タキシード下の勲章
雨の日に店にやって来た、タキシードの男。
店主はウンザリしつつも、雨宿りをする彼の話を聞いてやろうと提案した。
真夏の雨。重たく暑苦しいだろうジャケットを脱がない男は言う。
「ジャケットを脱いだら、お前もその俺が嫌いになるから」と。
※人によって気色の悪い描写があると思うのでご注意を。
あれは7月も中旬の、雨の日だったかな。
湿気と熱に舌打ちしたくなる気持ちで、こめかみに流れる汗を拭って帳簿をつけてたんだけどさ。
雨に濡れた白いタキシードを、上までぴっちりしめたあの男は、僕よりずっと汗をかいて、それなのにガタガタ震えてるもんだから、「その上着を脱ぎなよ」って声を掛けてやった。
そうすると、彼は苦い顔をして言うんだよ。
「脱げないんだ。脱いだら、あんたは…いや、あんたも俺を蔑視する。」
タキシード下の勲章
いっつも笑顔で品行方正な店主が実は、喧嘩ばかりの両親の元を高校卒業後に飛び出し、でかい街で夢を追いかけてやると食料品店を開きましたとさ。
そう事実を言ったら、お得意様となってくれているご婦人方はいつもの微笑みを捨てて嘲笑するだろう。

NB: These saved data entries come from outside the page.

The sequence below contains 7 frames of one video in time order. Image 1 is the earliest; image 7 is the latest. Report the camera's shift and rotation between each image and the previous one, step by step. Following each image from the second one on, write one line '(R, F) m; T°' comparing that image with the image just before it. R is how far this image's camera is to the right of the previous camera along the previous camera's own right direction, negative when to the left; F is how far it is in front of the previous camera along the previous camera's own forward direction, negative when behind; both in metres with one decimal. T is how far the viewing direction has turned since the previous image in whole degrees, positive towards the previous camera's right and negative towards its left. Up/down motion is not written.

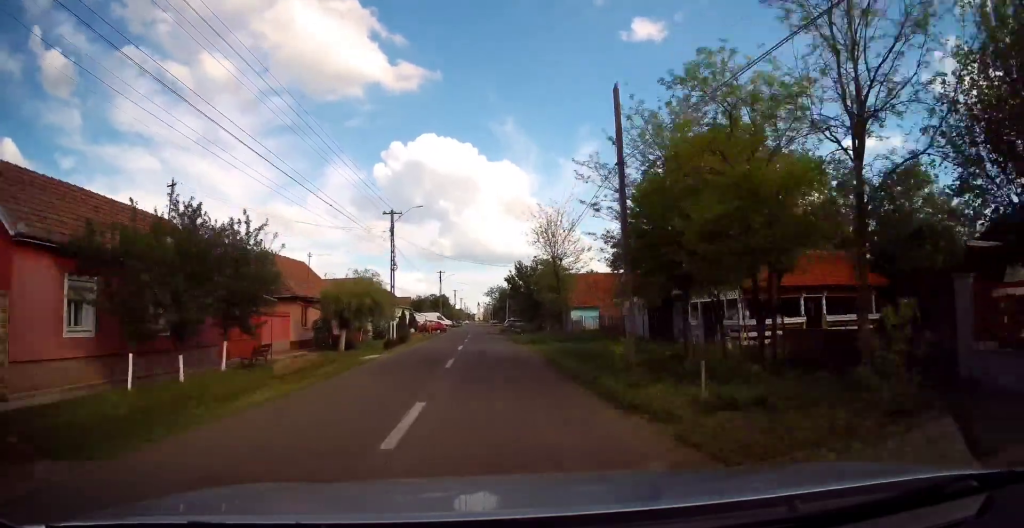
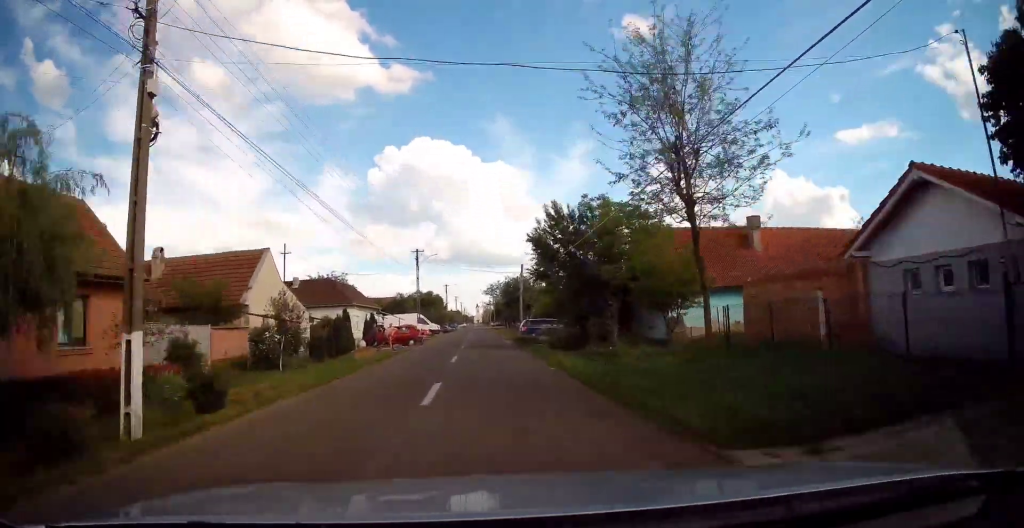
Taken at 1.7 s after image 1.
(+0.3, +23.7) m; 0°
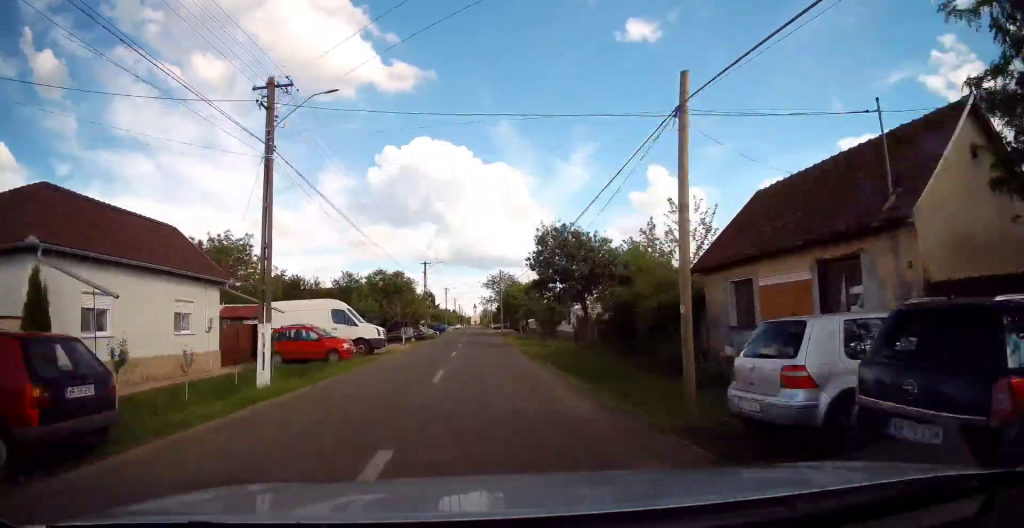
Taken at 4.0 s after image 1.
(-0.2, +33.3) m; -1°
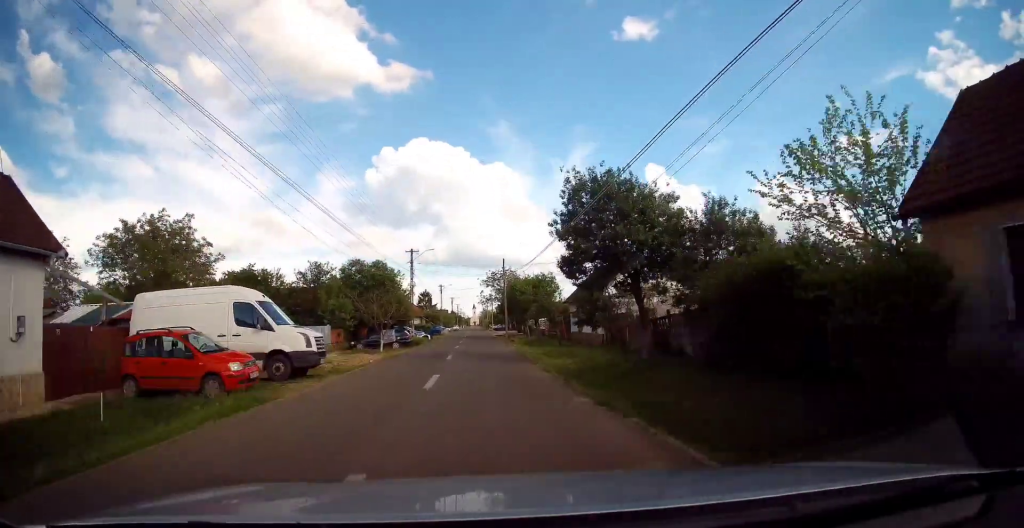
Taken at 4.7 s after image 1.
(0.0, +9.9) m; 0°
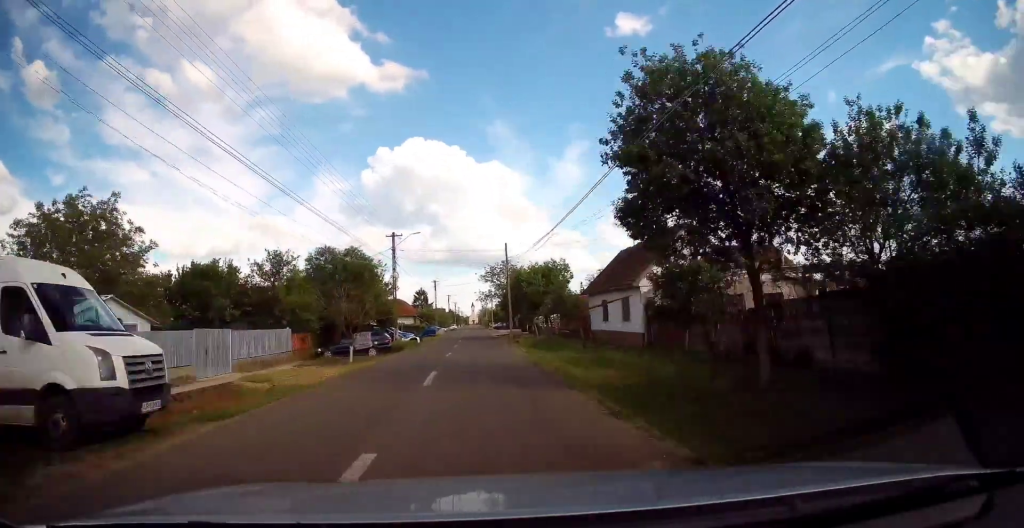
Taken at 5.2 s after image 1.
(0.0, +8.0) m; 0°
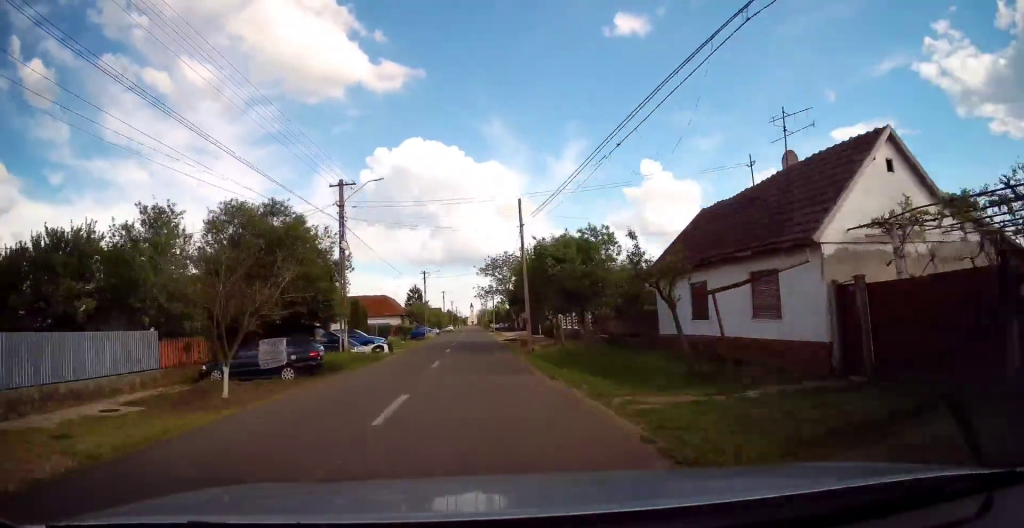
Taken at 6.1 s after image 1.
(0.0, +13.4) m; +1°
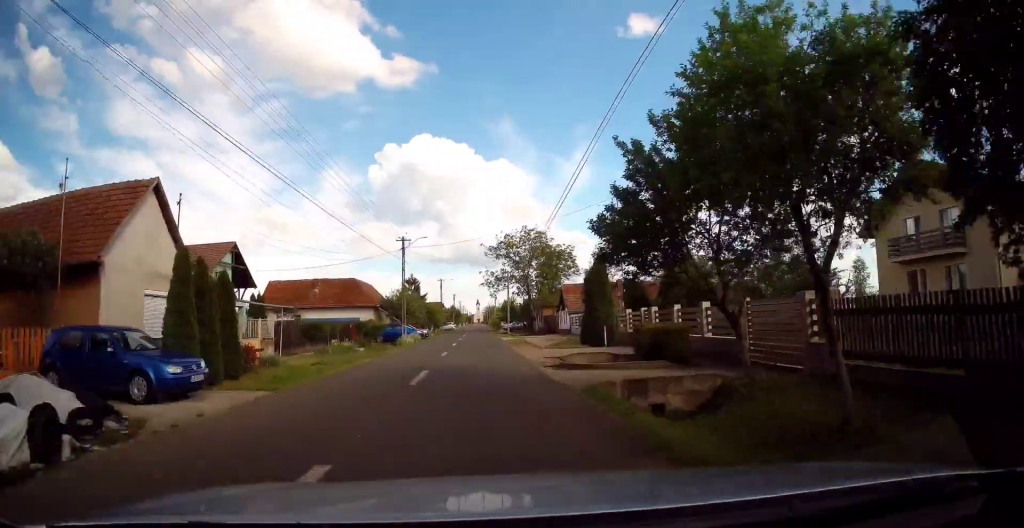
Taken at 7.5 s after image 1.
(+0.2, +22.7) m; -1°
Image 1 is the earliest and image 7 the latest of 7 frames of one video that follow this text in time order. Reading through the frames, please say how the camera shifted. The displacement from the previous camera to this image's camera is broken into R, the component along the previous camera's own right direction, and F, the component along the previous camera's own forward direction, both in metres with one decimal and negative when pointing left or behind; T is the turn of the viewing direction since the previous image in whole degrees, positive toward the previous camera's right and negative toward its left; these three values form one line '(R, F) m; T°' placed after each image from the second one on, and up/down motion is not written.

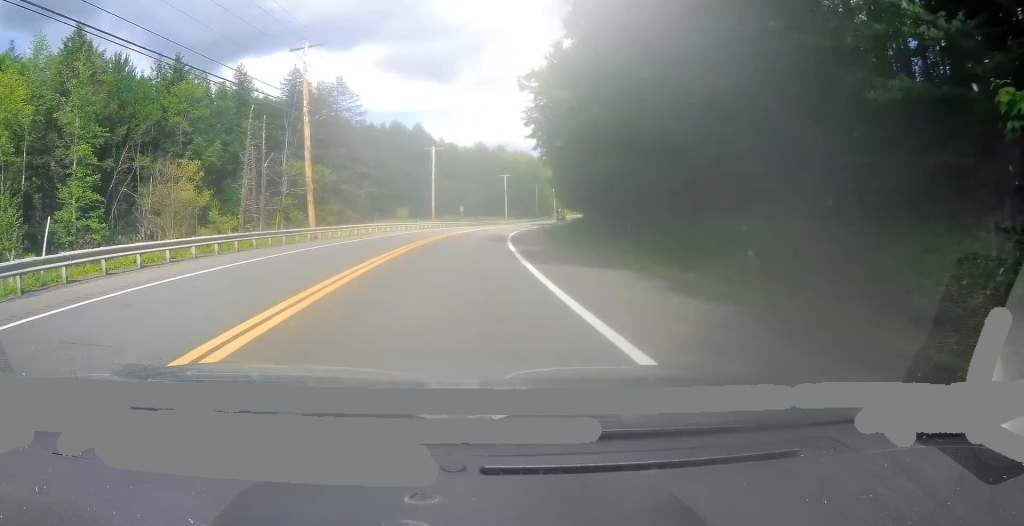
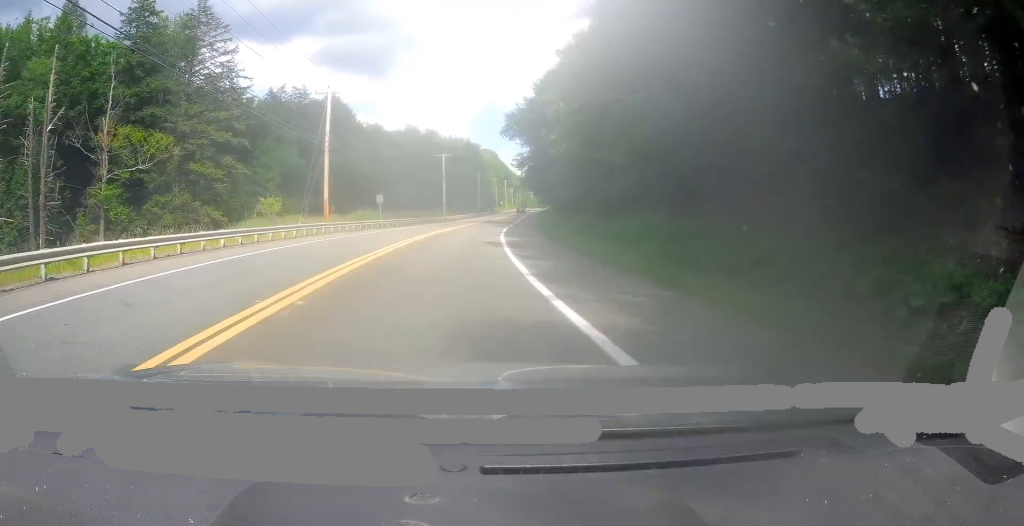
(+1.0, +32.1) m; +5°
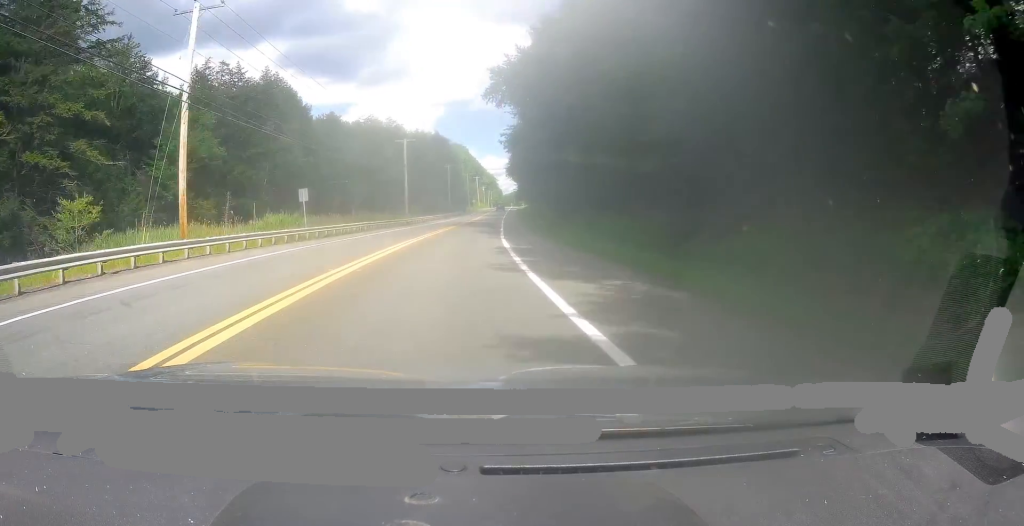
(+1.0, +18.5) m; +4°
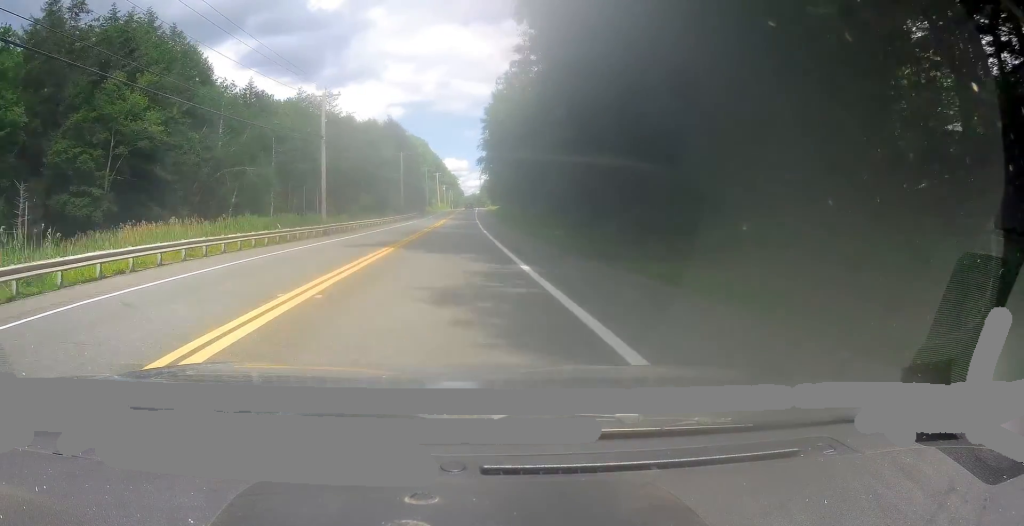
(+1.2, +28.4) m; +4°
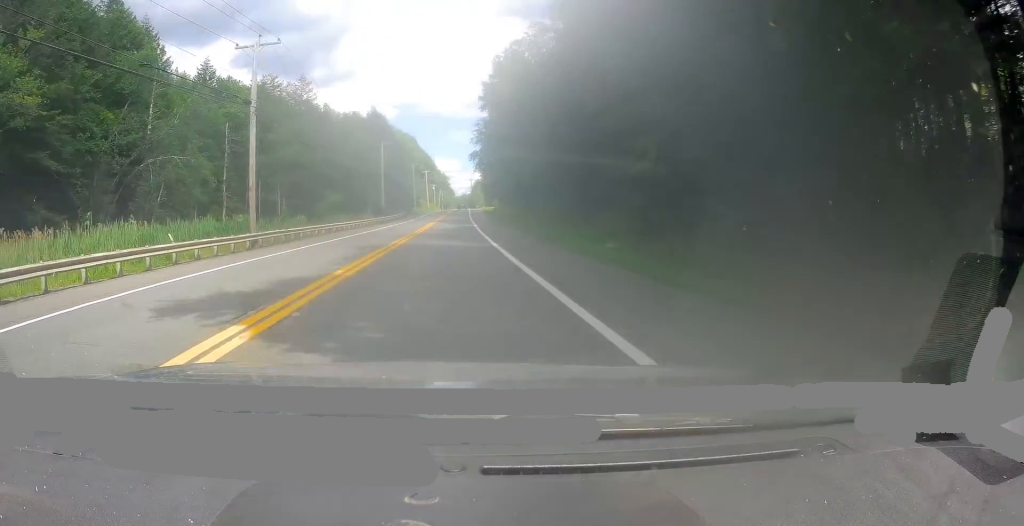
(+0.3, +13.9) m; 0°
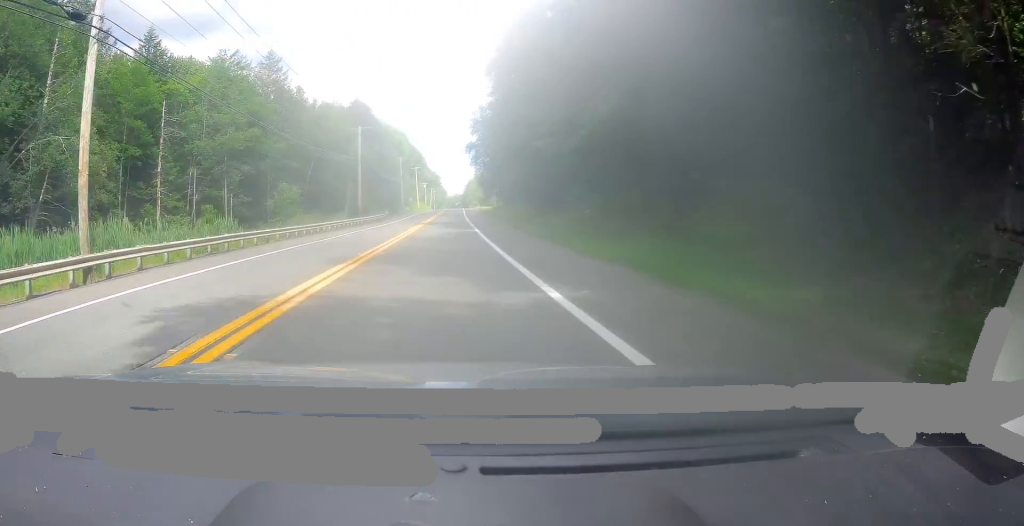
(-0.1, +13.2) m; +1°
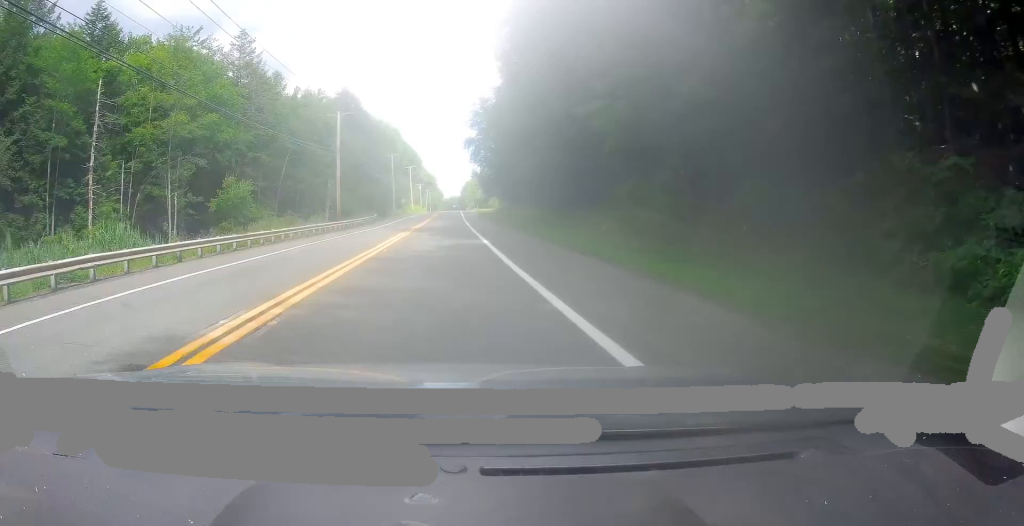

仕入れている食料は栄養価を調べまわってみたり、子供達の為にギリギリの値段で美味い菓子を手に入れたり、これぐらい綺麗に飾り付けた方が夢があると装飾を施した我が店も、閉店頃にゃ「所詮19歳のガキの店」と嗤われるのがもっぱらだ。「ちょっと勢いづいて売れているのが気に食わない」と面と向かって言われた際には、こっちが笑うしかなくなってきたもんだし。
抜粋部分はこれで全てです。